What to work on: Output only the stretch of the listing that starts at the line containing "#13110=DIRECTION('Axis2P3D Direction',(-0.,1.,0.)) ;" and ends at the line containing "#13172=DIRECTION('Vector Direction',(0.,1.,0.)) ;", reproduced exactly with both ends.

◇ ◇ ◇ ◇ ◇ ◇ ◇

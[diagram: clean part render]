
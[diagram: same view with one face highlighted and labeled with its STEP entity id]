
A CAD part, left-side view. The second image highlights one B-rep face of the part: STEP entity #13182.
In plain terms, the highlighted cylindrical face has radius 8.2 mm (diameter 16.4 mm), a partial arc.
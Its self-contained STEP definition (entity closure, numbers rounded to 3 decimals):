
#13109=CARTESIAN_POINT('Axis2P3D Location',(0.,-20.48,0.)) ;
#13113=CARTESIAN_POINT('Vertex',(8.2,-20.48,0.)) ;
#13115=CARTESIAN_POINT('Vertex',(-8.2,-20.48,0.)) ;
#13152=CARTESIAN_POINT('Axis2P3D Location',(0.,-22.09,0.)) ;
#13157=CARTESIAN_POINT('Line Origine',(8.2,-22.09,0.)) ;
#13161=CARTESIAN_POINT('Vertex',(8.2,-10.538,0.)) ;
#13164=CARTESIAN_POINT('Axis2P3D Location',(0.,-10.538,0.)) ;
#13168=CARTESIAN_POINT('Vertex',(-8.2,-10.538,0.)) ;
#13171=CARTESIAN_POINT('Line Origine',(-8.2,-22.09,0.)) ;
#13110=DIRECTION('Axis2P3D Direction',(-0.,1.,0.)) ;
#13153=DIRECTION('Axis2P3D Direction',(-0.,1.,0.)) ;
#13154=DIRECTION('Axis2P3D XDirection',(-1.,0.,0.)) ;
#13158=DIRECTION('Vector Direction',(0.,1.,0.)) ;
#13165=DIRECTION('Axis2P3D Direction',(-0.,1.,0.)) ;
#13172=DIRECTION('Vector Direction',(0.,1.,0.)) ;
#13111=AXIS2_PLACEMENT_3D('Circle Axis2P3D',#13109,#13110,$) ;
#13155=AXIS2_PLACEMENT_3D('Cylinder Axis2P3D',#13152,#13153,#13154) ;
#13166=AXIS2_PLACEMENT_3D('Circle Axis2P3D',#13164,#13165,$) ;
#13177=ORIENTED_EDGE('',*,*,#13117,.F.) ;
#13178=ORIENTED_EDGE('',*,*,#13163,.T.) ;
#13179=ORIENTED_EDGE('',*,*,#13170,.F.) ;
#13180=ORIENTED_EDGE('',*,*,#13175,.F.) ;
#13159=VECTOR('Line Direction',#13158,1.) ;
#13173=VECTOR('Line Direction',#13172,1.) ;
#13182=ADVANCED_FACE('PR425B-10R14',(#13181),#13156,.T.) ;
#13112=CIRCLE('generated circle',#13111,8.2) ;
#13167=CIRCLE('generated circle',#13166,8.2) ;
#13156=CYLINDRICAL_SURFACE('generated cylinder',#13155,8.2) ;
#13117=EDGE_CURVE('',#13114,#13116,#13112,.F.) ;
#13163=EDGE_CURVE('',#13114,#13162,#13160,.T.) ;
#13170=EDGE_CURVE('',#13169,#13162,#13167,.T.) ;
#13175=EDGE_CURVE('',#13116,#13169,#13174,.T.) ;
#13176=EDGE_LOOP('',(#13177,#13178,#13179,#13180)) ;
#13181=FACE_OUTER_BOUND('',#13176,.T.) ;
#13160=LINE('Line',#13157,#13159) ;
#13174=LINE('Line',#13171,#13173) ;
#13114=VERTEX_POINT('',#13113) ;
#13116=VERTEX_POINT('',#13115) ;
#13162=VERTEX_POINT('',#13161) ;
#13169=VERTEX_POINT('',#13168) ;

◇ ◇ ◇ ◇ ◇ ◇ ◇

Response to the task:
#13110=DIRECTION('Axis2P3D Direction',(-0.,1.,0.)) ;
#13153=DIRECTION('Axis2P3D Direction',(-0.,1.,0.)) ;
#13154=DIRECTION('Axis2P3D XDirection',(-1.,0.,0.)) ;
#13158=DIRECTION('Vector Direction',(0.,1.,0.)) ;
#13165=DIRECTION('Axis2P3D Direction',(-0.,1.,0.)) ;
#13172=DIRECTION('Vector Direction',(0.,1.,0.)) ;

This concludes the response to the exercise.